A tubular melt extrusion of poly(vinylidene fluoride): structure/process/property behavior as a function of molecular weight (M{sub}w)

摘要

Five poly(vinylidene fluoride) (PVDF) resins, R1-R5, of narrow molecular weight distribution (ca. 2.0) but of different weight average molecular weights M{sub}w's (85 - 250 Kg/mol) were melt extruded in tubular film form with a blow up ratio (BUR) of unity. The objective was to produce a stacked lamella structure that could serve as a precursor for a later process step that converts this film into a microporous membrane. Four of the resins were in pure form R1-R4 whereas the fifth, R5, contained a small amount of plasticizer to facilitate processing due to its high molecular weight. Comparisons were made of how M{sub}w influences film morphology under a given set of process conditions. WAXS systematically showed an increase in crystal orientation as M{sub}w increased for fixed conditions.

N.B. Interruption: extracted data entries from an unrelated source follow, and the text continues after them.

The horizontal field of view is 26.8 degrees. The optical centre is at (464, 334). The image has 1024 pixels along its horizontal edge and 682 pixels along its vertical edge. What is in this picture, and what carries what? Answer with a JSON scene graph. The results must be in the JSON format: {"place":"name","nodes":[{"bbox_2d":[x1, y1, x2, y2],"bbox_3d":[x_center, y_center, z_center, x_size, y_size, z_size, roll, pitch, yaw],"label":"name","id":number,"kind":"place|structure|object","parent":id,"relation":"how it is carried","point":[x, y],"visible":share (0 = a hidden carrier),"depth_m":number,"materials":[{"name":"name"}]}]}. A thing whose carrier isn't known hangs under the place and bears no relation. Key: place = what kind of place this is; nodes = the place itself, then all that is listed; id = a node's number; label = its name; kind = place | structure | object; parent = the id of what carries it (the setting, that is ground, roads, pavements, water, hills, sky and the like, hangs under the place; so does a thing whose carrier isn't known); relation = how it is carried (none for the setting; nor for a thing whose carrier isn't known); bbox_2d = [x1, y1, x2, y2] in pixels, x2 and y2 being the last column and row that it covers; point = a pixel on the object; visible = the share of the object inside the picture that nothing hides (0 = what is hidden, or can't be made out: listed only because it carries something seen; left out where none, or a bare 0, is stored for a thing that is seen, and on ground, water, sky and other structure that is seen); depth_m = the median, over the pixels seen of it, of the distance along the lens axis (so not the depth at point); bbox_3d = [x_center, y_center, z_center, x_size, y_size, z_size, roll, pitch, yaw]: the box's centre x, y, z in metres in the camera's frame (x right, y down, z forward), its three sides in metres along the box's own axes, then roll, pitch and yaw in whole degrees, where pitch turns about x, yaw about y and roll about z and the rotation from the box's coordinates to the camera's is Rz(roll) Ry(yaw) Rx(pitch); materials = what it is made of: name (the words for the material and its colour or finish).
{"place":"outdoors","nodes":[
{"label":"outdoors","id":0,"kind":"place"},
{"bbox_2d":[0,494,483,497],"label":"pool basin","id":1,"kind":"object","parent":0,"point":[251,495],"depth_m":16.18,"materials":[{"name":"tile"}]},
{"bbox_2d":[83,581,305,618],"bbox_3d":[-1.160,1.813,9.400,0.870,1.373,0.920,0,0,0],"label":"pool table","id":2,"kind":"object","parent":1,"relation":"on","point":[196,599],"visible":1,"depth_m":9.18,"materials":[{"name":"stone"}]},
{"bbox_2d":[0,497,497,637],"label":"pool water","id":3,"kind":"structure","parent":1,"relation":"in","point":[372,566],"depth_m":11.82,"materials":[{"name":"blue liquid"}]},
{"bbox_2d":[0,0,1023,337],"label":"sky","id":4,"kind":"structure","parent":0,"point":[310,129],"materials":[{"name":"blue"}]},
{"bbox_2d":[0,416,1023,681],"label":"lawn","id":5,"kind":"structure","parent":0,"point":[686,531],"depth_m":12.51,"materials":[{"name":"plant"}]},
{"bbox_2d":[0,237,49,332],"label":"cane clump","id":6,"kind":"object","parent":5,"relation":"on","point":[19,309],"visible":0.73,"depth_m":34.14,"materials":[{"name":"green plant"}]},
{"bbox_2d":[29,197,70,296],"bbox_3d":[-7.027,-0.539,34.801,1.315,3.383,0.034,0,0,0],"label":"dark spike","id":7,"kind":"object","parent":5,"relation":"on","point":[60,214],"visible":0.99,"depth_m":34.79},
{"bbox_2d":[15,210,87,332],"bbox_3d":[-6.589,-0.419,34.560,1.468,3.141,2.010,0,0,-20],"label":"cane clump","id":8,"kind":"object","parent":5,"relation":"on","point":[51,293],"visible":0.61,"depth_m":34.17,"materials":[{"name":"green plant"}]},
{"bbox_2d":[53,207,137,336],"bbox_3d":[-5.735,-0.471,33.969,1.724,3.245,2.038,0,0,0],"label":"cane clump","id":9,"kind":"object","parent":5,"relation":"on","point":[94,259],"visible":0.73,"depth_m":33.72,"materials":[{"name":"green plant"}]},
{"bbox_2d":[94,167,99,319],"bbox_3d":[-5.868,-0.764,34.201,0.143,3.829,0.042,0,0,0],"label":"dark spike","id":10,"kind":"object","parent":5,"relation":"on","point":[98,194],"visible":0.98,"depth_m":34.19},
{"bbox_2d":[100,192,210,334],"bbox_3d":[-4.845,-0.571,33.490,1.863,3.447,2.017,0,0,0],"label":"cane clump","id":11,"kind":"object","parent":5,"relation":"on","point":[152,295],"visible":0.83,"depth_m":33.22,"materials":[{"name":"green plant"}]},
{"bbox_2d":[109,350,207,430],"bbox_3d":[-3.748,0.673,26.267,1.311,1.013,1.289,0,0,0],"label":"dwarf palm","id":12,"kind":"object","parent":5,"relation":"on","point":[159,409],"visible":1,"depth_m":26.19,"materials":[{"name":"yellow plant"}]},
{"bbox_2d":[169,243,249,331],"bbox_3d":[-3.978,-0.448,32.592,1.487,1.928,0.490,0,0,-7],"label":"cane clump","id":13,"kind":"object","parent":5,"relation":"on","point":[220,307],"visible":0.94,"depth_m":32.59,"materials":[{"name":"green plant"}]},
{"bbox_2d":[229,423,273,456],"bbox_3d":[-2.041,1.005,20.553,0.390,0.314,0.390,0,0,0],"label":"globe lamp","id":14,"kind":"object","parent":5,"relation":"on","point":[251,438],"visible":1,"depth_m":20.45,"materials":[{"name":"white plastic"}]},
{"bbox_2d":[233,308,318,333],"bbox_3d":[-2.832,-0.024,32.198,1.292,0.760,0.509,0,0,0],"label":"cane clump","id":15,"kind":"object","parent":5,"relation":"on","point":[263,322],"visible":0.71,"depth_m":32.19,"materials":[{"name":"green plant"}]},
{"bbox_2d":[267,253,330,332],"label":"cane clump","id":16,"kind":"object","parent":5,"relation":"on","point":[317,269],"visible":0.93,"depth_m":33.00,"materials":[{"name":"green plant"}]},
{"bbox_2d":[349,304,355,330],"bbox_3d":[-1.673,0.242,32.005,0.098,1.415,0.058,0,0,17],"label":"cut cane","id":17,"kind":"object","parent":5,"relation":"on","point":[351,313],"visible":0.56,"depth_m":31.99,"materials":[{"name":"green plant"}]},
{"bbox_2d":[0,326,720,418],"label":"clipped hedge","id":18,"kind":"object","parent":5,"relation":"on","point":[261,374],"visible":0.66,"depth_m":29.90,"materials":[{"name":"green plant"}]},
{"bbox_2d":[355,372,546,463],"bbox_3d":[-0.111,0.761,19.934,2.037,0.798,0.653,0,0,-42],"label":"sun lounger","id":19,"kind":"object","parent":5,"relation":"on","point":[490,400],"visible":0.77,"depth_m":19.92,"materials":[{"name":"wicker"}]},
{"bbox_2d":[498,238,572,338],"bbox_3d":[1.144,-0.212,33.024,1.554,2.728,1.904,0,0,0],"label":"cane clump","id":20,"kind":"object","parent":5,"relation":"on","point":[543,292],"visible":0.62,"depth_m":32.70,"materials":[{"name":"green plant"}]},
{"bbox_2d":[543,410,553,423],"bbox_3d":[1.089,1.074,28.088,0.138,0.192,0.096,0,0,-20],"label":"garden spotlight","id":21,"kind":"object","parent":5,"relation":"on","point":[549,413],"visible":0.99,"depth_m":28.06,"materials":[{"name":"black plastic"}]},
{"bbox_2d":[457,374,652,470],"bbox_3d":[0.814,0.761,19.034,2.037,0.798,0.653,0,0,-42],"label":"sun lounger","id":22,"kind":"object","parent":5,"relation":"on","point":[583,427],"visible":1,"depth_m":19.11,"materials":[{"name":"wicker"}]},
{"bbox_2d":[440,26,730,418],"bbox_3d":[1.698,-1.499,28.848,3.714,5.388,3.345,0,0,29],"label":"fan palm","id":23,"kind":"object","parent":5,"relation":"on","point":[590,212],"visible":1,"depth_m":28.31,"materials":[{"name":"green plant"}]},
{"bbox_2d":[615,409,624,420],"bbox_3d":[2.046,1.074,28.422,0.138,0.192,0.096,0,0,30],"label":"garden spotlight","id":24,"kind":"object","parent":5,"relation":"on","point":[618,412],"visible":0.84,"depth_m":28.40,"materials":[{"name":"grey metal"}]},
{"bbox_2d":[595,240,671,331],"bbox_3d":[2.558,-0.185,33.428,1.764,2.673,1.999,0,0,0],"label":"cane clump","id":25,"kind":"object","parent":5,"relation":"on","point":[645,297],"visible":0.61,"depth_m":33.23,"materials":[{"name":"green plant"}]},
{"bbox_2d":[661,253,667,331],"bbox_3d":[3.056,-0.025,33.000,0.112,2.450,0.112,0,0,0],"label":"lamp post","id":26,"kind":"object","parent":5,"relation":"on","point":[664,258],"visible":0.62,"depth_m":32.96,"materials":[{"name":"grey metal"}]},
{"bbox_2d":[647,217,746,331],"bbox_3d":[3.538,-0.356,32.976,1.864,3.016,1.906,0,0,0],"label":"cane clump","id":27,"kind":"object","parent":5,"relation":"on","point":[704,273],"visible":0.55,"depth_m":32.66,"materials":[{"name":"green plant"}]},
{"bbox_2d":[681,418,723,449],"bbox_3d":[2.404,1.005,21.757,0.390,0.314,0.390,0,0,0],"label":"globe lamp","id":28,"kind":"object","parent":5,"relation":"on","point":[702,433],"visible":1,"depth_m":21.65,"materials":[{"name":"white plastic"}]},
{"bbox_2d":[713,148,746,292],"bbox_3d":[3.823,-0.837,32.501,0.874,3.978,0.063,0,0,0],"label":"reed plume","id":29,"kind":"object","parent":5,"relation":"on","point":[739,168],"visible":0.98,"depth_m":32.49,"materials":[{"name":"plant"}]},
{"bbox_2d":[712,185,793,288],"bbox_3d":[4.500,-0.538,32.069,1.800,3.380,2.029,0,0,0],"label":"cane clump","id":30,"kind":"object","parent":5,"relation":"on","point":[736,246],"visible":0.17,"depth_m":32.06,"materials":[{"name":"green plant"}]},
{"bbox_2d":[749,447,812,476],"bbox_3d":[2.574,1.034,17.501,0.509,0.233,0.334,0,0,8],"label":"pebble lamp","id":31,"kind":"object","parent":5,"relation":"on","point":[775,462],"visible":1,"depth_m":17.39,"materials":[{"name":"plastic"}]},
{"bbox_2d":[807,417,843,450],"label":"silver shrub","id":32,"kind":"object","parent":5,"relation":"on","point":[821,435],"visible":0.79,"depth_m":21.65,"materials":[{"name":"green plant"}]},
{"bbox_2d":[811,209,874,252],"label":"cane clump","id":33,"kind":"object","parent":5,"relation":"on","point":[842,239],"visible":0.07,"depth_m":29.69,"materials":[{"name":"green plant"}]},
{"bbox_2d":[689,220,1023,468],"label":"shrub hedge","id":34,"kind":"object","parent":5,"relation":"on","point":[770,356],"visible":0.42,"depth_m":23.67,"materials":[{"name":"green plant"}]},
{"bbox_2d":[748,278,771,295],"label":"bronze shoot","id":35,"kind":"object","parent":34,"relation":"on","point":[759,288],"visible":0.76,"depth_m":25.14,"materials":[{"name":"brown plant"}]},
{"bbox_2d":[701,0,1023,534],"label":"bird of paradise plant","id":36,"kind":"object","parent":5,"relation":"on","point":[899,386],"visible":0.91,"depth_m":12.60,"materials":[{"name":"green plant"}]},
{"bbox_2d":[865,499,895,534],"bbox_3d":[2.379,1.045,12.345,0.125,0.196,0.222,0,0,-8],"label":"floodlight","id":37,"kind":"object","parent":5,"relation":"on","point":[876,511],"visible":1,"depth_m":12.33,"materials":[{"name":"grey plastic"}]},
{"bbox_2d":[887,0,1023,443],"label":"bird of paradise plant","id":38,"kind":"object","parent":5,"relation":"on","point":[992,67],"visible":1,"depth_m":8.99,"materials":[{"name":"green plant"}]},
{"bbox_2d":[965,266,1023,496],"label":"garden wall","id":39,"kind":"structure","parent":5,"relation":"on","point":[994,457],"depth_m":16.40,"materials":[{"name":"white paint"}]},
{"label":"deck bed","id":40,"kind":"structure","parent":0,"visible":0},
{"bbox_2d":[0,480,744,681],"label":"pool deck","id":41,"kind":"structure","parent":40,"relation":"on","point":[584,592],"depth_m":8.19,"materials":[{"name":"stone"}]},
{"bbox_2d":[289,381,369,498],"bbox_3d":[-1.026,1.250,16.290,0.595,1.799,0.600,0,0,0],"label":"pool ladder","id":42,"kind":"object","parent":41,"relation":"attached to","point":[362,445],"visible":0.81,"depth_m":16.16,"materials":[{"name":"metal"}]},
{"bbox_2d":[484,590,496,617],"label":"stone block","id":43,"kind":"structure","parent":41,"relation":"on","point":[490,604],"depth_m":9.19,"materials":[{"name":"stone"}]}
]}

A Carreau-Yasuda fit of the melt rheological data provided a characteristic relaxation time and this variable was correlated to the respective morphologies produced. It was shown that nearly spherulitic-like textures could be induced with the lowest M{sub}w material whereas highly concentrated fibril nucleated morphologies were promoted with the highest M{sub}w under identical process conditions. It was demonstrated that by blending the resins, R2 & R4, the desired stacked lamellar structure could be fine tuned with regard to morphological features.